An issue has been discovered in SAP Risk Management where unvalidated redirection to external sites may lead to information disclosure. An unauthenticated attacker may be able to access external sites via redirection. This issue has been assigned Common Vulnerability Scoring System (CVSS) rating of 5.5. CVSS scores represent a range from 0 to 10 where 0 is low and 10 is high. CVE-2018-8271 - SAP Risk Management - SQL Injection An issue has been discovered in SAP Risk Management where user input is not sufficiently validated against the configured input rules which may lead to SQL injection. An unauthenticated attacker may be able to inject SQL code into the application via the input

Security Measures Taken By SAP

SAP has taken a number of security precautions to ensure that the vulnerabilities in these products are fixed as soon as possible. These measures include:

SAP will provide free of charge replacement software for any impacted user-controlled input which leads to a vulnerability.

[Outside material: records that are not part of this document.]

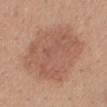– biopsy status — total-body-photography surveillance lesion; no biopsy
– patient — female, aged 28 to 32
– imaging modality — ~15 mm tile from a whole-body skin photo
– location — the mid back
– illumination — white-light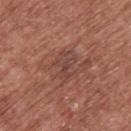This lesion was catalogued during total-body skin photography and was not selected for biopsy. This is a white-light tile. The subject is a male aged approximately 65. The total-body-photography lesion software estimated about 6 CIELAB-L* units darker than the surrounding skin and a normalized border contrast of about 5.5. The software also gave a lesion-detection confidence of about 95/100. Measured at roughly 3.5 mm in maximum diameter. The lesion is on the upper back. This image is a 15 mm lesion crop taken from a total-body photograph.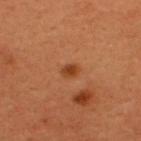Q: What did automated image analysis measure?
A: a lesion color around L≈40 a*≈27 b*≈38 in CIELAB, a lesion–skin lightness drop of about 10, and a lesion-to-skin contrast of about 8.5 (normalized; higher = more distinct); a color-variation rating of about 2/10 and radial color variation of about 0.5; a nevus-likeness score of about 85/100
Q: How large is the lesion?
A: ~2 mm (longest diameter)
Q: What is the imaging modality?
A: total-body-photography crop, ~15 mm field of view
Q: Who is the patient?
A: male, roughly 65 years of age
Q: What is the anatomic site?
A: the upper back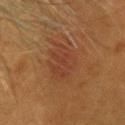Part of a total-body skin-imaging series; this lesion was reviewed on a skin check and was not flagged for biopsy. The lesion is on the head or neck. A female subject approximately 40 years of age. This is a cross-polarized tile. The lesion's longest dimension is about 6 mm. A lesion tile, about 15 mm wide, cut from a 3D total-body photograph. The total-body-photography lesion software estimated a footprint of about 13 mm², an eccentricity of roughly 0.85, and a symmetry-axis asymmetry near 0.25. And it measured a border-irregularity rating of about 3.5/10, a color-variation rating of about 3/10, and radial color variation of about 1.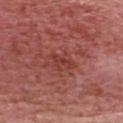Impression:
Recorded during total-body skin imaging; not selected for excision or biopsy.
Clinical summary:
Measured at roughly 3 mm in maximum diameter. A male subject in their 60s. This is a white-light tile. This image is a 15 mm lesion crop taken from a total-body photograph. An algorithmic analysis of the crop reported an average lesion color of about L≈40 a*≈31 b*≈27 (CIELAB), a lesion–skin lightness drop of about 7, and a normalized lesion–skin contrast near 6. The software also gave a border-irregularity index near 5/10 and a within-lesion color-variation index near 0.5/10. It also reported lesion-presence confidence of about 100/100. The lesion is on the head or neck.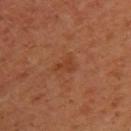No biopsy was performed on this lesion — it was imaged during a full skin examination and was not determined to be concerning.
Automated image analysis of the tile measured a border-irregularity rating of about 5/10, a within-lesion color-variation index near 0.5/10, and a peripheral color-asymmetry measure near 0. And it measured a lesion-detection confidence of about 100/100.
The lesion is on the upper back.
Captured under cross-polarized illumination.
A 15 mm close-up tile from a total-body photography series done for melanoma screening.
Measured at roughly 2.5 mm in maximum diameter.
The subject is a female aged approximately 40.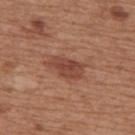follow-up: imaged on a skin check; not biopsied | size: ≈4.5 mm | patient: male, aged around 65 | illumination: white-light illumination | image: 15 mm crop, total-body photography | site: the upper back | automated metrics: an area of roughly 7.5 mm², a shape eccentricity near 0.85, and a shape-asymmetry score of about 0.25 (0 = symmetric); a border-irregularity rating of about 3/10 and a within-lesion color-variation index near 2.5/10; a classifier nevus-likeness of about 80/100 and a detector confidence of about 100 out of 100 that the crop contains a lesion.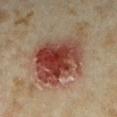The tile uses cross-polarized illumination. On the right forearm. A close-up tile cropped from a whole-body skin photograph, about 15 mm across. An algorithmic analysis of the crop reported a lesion area of about 32 mm², a shape eccentricity near 0.5, and two-axis asymmetry of about 0.25. The software also gave an average lesion color of about L≈41 a*≈24 b*≈27 (CIELAB), a lesion–skin lightness drop of about 14, and a normalized border contrast of about 11.5. It also reported a classifier nevus-likeness of about 75/100 and a detector confidence of about 100 out of 100 that the crop contains a lesion. A female patient aged around 35.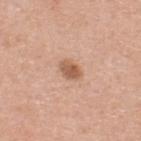| key | value |
|---|---|
| workup | no biopsy performed (imaged during a skin exam) |
| site | the upper back |
| imaging modality | ~15 mm tile from a whole-body skin photo |
| illumination | white-light illumination |
| subject | female, in their 30s |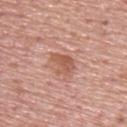| field | value |
|---|---|
| notes | catalogued during a skin exam; not biopsied |
| body site | the upper back |
| automated metrics | an average lesion color of about L≈56 a*≈24 b*≈30 (CIELAB), about 9 CIELAB-L* units darker than the surrounding skin, and a lesion-to-skin contrast of about 7 (normalized; higher = more distinct); a nevus-likeness score of about 10/100 and a lesion-detection confidence of about 100/100 |
| patient | male, about 75 years old |
| tile lighting | white-light |
| imaging modality | ~15 mm tile from a whole-body skin photo |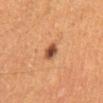biopsy status = no biopsy performed (imaged during a skin exam)
lighting = cross-polarized
anatomic site = the right lower leg
subject = male, aged 63 to 67
lesion diameter = about 2 mm
automated metrics = a footprint of about 4 mm², a shape eccentricity near 0.4, and a symmetry-axis asymmetry near 0.25; a lesion color around L≈44 a*≈23 b*≈32 in CIELAB, about 14 CIELAB-L* units darker than the surrounding skin, and a normalized border contrast of about 10.5; border irregularity of about 2 on a 0–10 scale, internal color variation of about 6.5 on a 0–10 scale, and radial color variation of about 2
acquisition = 15 mm crop, total-body photography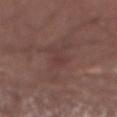<tbp_lesion>
<image>
  <source>total-body photography crop</source>
  <field_of_view_mm>15</field_of_view_mm>
</image>
<patient>
  <sex>male</sex>
  <age_approx>55</age_approx>
</patient>
<lighting>white-light</lighting>
<site>abdomen</site>
</tbp_lesion>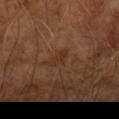Q: Is there a histopathology result?
A: imaged on a skin check; not biopsied
Q: How large is the lesion?
A: ~2.5 mm (longest diameter)
Q: What lighting was used for the tile?
A: cross-polarized
Q: What did automated image analysis measure?
A: a footprint of about 3.5 mm², an outline eccentricity of about 0.8 (0 = round, 1 = elongated), and a symmetry-axis asymmetry near 0.3; an average lesion color of about L≈31 a*≈19 b*≈29 (CIELAB); a classifier nevus-likeness of about 0/100 and a detector confidence of about 100 out of 100 that the crop contains a lesion
Q: How was this image acquired?
A: 15 mm crop, total-body photography
Q: Patient demographics?
A: male, roughly 65 years of age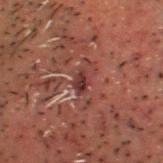Q: Was this lesion biopsied?
A: catalogued during a skin exam; not biopsied
Q: What are the patient's age and sex?
A: male, about 50 years old
Q: What did automated image analysis measure?
A: a lesion color around L≈26 a*≈21 b*≈18 in CIELAB; an automated nevus-likeness rating near 0 out of 100 and lesion-presence confidence of about 55/100
Q: Illumination type?
A: cross-polarized illumination
Q: Where on the body is the lesion?
A: the head or neck
Q: What is the imaging modality?
A: 15 mm crop, total-body photography
Q: How large is the lesion?
A: ~2.5 mm (longest diameter)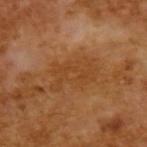Clinical impression: Part of a total-body skin-imaging series; this lesion was reviewed on a skin check and was not flagged for biopsy. Image and clinical context: A close-up tile cropped from a whole-body skin photograph, about 15 mm across. A male subject, roughly 65 years of age. Captured under cross-polarized illumination. The recorded lesion diameter is about 5.5 mm.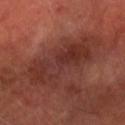Assessment:
The lesion was tiled from a total-body skin photograph and was not biopsied.
Context:
A male patient aged around 65. The lesion-visualizer software estimated a lesion color around L≈30 a*≈23 b*≈23 in CIELAB, roughly 7 lightness units darker than nearby skin, and a normalized lesion–skin contrast near 7. It also reported a lesion-detection confidence of about 85/100. Located on the left forearm. This image is a 15 mm lesion crop taken from a total-body photograph.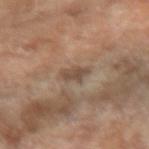notes: catalogued during a skin exam; not biopsied
imaging modality: ~15 mm crop, total-body skin-cancer survey
illumination: cross-polarized
location: the left forearm
patient: female, in their 70s
image-analysis metrics: a footprint of about 4 mm² and an eccentricity of roughly 0.85; border irregularity of about 4 on a 0–10 scale and a color-variation rating of about 1.5/10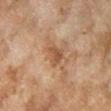Recorded during total-body skin imaging; not selected for excision or biopsy. On the leg. Approximately 3 mm at its widest. An algorithmic analysis of the crop reported a lesion color around L≈45 a*≈18 b*≈30 in CIELAB and a lesion–skin lightness drop of about 9. It also reported border irregularity of about 3.5 on a 0–10 scale, a within-lesion color-variation index near 2.5/10, and a peripheral color-asymmetry measure near 1. A 15 mm crop from a total-body photograph taken for skin-cancer surveillance. The subject is a female roughly 60 years of age.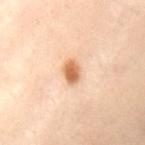Case summary:
• subject — female, aged approximately 60
• diameter — about 3 mm
• image — 15 mm crop, total-body photography
• lighting — cross-polarized
• anatomic site — the abdomen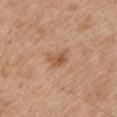<lesion>
  <biopsy_status>not biopsied; imaged during a skin examination</biopsy_status>
  <lesion_size>
    <long_diameter_mm_approx>3.0</long_diameter_mm_approx>
  </lesion_size>
  <lighting>white-light</lighting>
  <patient>
    <sex>male</sex>
    <age_approx>65</age_approx>
  </patient>
  <site>arm</site>
  <automated_metrics>
    <border_irregularity_0_10>4.0</border_irregularity_0_10>
  </automated_metrics>
  <image>
    <source>total-body photography crop</source>
    <field_of_view_mm>15</field_of_view_mm>
  </image>
</lesion>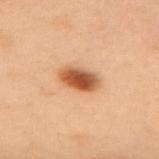Part of a total-body skin-imaging series; this lesion was reviewed on a skin check and was not flagged for biopsy. Imaged with cross-polarized lighting. From the back. Approximately 4.5 mm at its widest. A roughly 15 mm field-of-view crop from a total-body skin photograph. A female subject, aged around 55. An algorithmic analysis of the crop reported an eccentricity of roughly 0.85. It also reported an average lesion color of about L≈46 a*≈22 b*≈33 (CIELAB) and a normalized lesion–skin contrast near 10.5.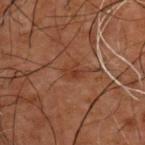This lesion was catalogued during total-body skin photography and was not selected for biopsy.
The subject is a male in their 50s.
A roughly 15 mm field-of-view crop from a total-body skin photograph.
Imaged with cross-polarized lighting.
From the upper back.
The recorded lesion diameter is about 2.5 mm.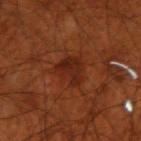image = 15 mm crop, total-body photography; location = the right upper arm; TBP lesion metrics = a nevus-likeness score of about 95/100 and a lesion-detection confidence of about 100/100; patient = male, aged 68 to 72; lesion size = ~3.5 mm (longest diameter); illumination = cross-polarized illumination.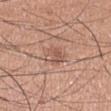Impression:
Recorded during total-body skin imaging; not selected for excision or biopsy.
Image and clinical context:
Automated image analysis of the tile measured border irregularity of about 2 on a 0–10 scale, internal color variation of about 4 on a 0–10 scale, and peripheral color asymmetry of about 1.5. And it measured a nevus-likeness score of about 0/100. A male subject aged 33–37. From the right upper arm. A 15 mm crop from a total-body photograph taken for skin-cancer surveillance. Approximately 2.5 mm at its widest.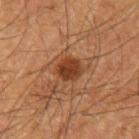Recorded during total-body skin imaging; not selected for excision or biopsy. Longest diameter approximately 3 mm. On the arm. A 15 mm close-up tile from a total-body photography series done for melanoma screening. The subject is a male about 65 years old. Imaged with cross-polarized lighting.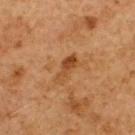Assessment: Imaged during a routine full-body skin examination; the lesion was not biopsied and no histopathology is available. Context: A male subject, in their 60s. A close-up tile cropped from a whole-body skin photograph, about 15 mm across. This is a cross-polarized tile. The recorded lesion diameter is about 4 mm. From the upper back.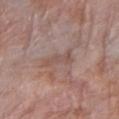biopsy status = no biopsy performed (imaged during a skin exam); subject = female, in their mid- to late 60s; site = the right forearm; image source = total-body-photography crop, ~15 mm field of view.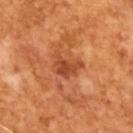Clinical impression: Part of a total-body skin-imaging series; this lesion was reviewed on a skin check and was not flagged for biopsy. Context: Longest diameter approximately 3.5 mm. The subject is a male in their mid-60s. The tile uses cross-polarized illumination. A 15 mm close-up extracted from a 3D total-body photography capture.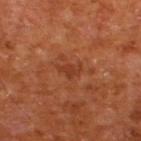- anatomic site — the upper back
- subject — male, approximately 65 years of age
- lighting — cross-polarized
- lesion size — about 2.5 mm
- image-analysis metrics — a shape eccentricity near 0.8 and a symmetry-axis asymmetry near 0.45; a lesion color around L≈36 a*≈28 b*≈34 in CIELAB, a lesion–skin lightness drop of about 7, and a lesion-to-skin contrast of about 5.5 (normalized; higher = more distinct); internal color variation of about 1 on a 0–10 scale and radial color variation of about 0.5
- image — ~15 mm tile from a whole-body skin photo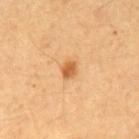Q: Lesion location?
A: the mid back
Q: What is the imaging modality?
A: 15 mm crop, total-body photography
Q: What are the patient's age and sex?
A: male, approximately 60 years of age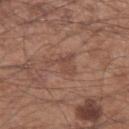Clinical impression:
Recorded during total-body skin imaging; not selected for excision or biopsy.
Context:
Automated tile analysis of the lesion measured roughly 7 lightness units darker than nearby skin and a normalized lesion–skin contrast near 5. The analysis additionally found a nevus-likeness score of about 0/100 and lesion-presence confidence of about 90/100. Imaged with white-light lighting. The lesion is located on the left forearm. A 15 mm close-up extracted from a 3D total-body photography capture. A male subject, aged around 55. Approximately 3.5 mm at its widest.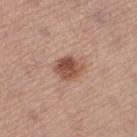Impression: This lesion was catalogued during total-body skin photography and was not selected for biopsy. Image and clinical context: Located on the left thigh. A lesion tile, about 15 mm wide, cut from a 3D total-body photograph. The recorded lesion diameter is about 3.5 mm. The patient is a female in their mid-60s. This is a white-light tile.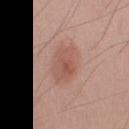biopsy status = imaged on a skin check; not biopsied | site = the arm | automated metrics = a within-lesion color-variation index near 4.5/10 | illumination = white-light illumination | patient = male, about 50 years old | image = total-body-photography crop, ~15 mm field of view.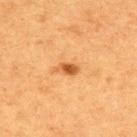biopsy status: total-body-photography surveillance lesion; no biopsy | image source: total-body-photography crop, ~15 mm field of view | TBP lesion metrics: a footprint of about 3 mm², an outline eccentricity of about 0.85 (0 = round, 1 = elongated), and a shape-asymmetry score of about 0.3 (0 = symmetric); about 13 CIELAB-L* units darker than the surrounding skin and a lesion-to-skin contrast of about 9 (normalized; higher = more distinct) | size: ≈2.5 mm | lighting: cross-polarized | patient: female, approximately 40 years of age | body site: the upper back.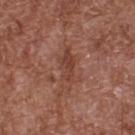Case summary:
- follow-up: catalogued during a skin exam; not biopsied
- image source: total-body-photography crop, ~15 mm field of view
- lesion size: about 5 mm
- tile lighting: white-light illumination
- site: the back
- patient: male, aged approximately 75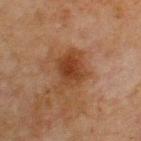Q: Is there a histopathology result?
A: catalogued during a skin exam; not biopsied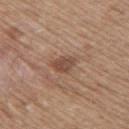{
  "biopsy_status": "not biopsied; imaged during a skin examination",
  "automated_metrics": {
    "cielab_L": 47,
    "cielab_a": 19,
    "cielab_b": 27,
    "vs_skin_darker_L": 10.0,
    "vs_skin_contrast_norm": 7.5,
    "border_irregularity_0_10": 3.0,
    "color_variation_0_10": 3.0,
    "peripheral_color_asymmetry": 1.0,
    "nevus_likeness_0_100": 0,
    "lesion_detection_confidence_0_100": 100
  },
  "image": {
    "source": "total-body photography crop",
    "field_of_view_mm": 15
  },
  "site": "back",
  "patient": {
    "sex": "female",
    "age_approx": 60
  },
  "lesion_size": {
    "long_diameter_mm_approx": 3.0
  },
  "lighting": "white-light"
}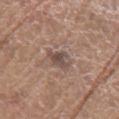| field | value |
|---|---|
| workup | catalogued during a skin exam; not biopsied |
| image | ~15 mm tile from a whole-body skin photo |
| body site | the left upper arm |
| patient | male, approximately 80 years of age |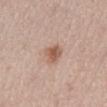image-analysis metrics=a lesion color around L≈56 a*≈20 b*≈29 in CIELAB, about 11 CIELAB-L* units darker than the surrounding skin, and a normalized border contrast of about 8; a nevus-likeness score of about 95/100
acquisition=15 mm crop, total-body photography
body site=the abdomen
patient=female, roughly 65 years of age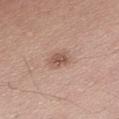Clinical impression:
The lesion was photographed on a routine skin check and not biopsied; there is no pathology result.
Clinical summary:
The total-body-photography lesion software estimated a border-irregularity rating of about 2/10 and a within-lesion color-variation index near 3.5/10. Located on the abdomen. This image is a 15 mm lesion crop taken from a total-body photograph. A male patient, aged 53 to 57. Longest diameter approximately 3 mm.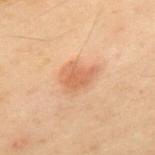Notes:
• notes: total-body-photography surveillance lesion; no biopsy
• acquisition: ~15 mm crop, total-body skin-cancer survey
• tile lighting: cross-polarized illumination
• site: the back
• patient: male, aged 53–57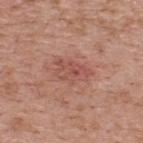subject = male, about 40 years old; automated metrics = an average lesion color of about L≈52 a*≈25 b*≈27 (CIELAB), a lesion–skin lightness drop of about 8, and a normalized border contrast of about 5.5; location = the upper back; lighting = white-light illumination; lesion diameter = ~4.5 mm (longest diameter); image = 15 mm crop, total-body photography.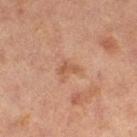<tbp_lesion>
  <biopsy_status>not biopsied; imaged during a skin examination</biopsy_status>
  <automated_metrics>
    <cielab_L>48</cielab_L>
    <cielab_a>20</cielab_a>
    <cielab_b>30</cielab_b>
    <vs_skin_darker_L>7.0</vs_skin_darker_L>
    <vs_skin_contrast_norm>6.0</vs_skin_contrast_norm>
    <border_irregularity_0_10>3.5</border_irregularity_0_10>
    <color_variation_0_10>1.0</color_variation_0_10>
    <peripheral_color_asymmetry>0.5</peripheral_color_asymmetry>
    <nevus_likeness_0_100>0</nevus_likeness_0_100>
    <lesion_detection_confidence_0_100>100</lesion_detection_confidence_0_100>
  </automated_metrics>
  <patient>
    <sex>female</sex>
    <age_approx>60</age_approx>
  </patient>
  <lighting>cross-polarized</lighting>
  <image>
    <source>total-body photography crop</source>
    <field_of_view_mm>15</field_of_view_mm>
  </image>
  <site>right thigh</site>
</tbp_lesion>

What is SAP Risk Management?

SAP Risk Management is an application used for monitoring, analyzing and managing risk for business. It has been designed to help organizations detect and prevent potential risks in their business activities.
SAP Risk Management consists of three parts:
- Core SAP Risk Management - this is the engine that analyzes and monitors risk events happening within the business, provides continuous analytics and alerts on risk events;
- Integrated solution - a complete solution framework which includes the core SAP Risk Management engine, analytical models, dashboards, data warehouse;
- Extended solution - set of modules including SAP Risk Management web interface, data visualizations or dashboards.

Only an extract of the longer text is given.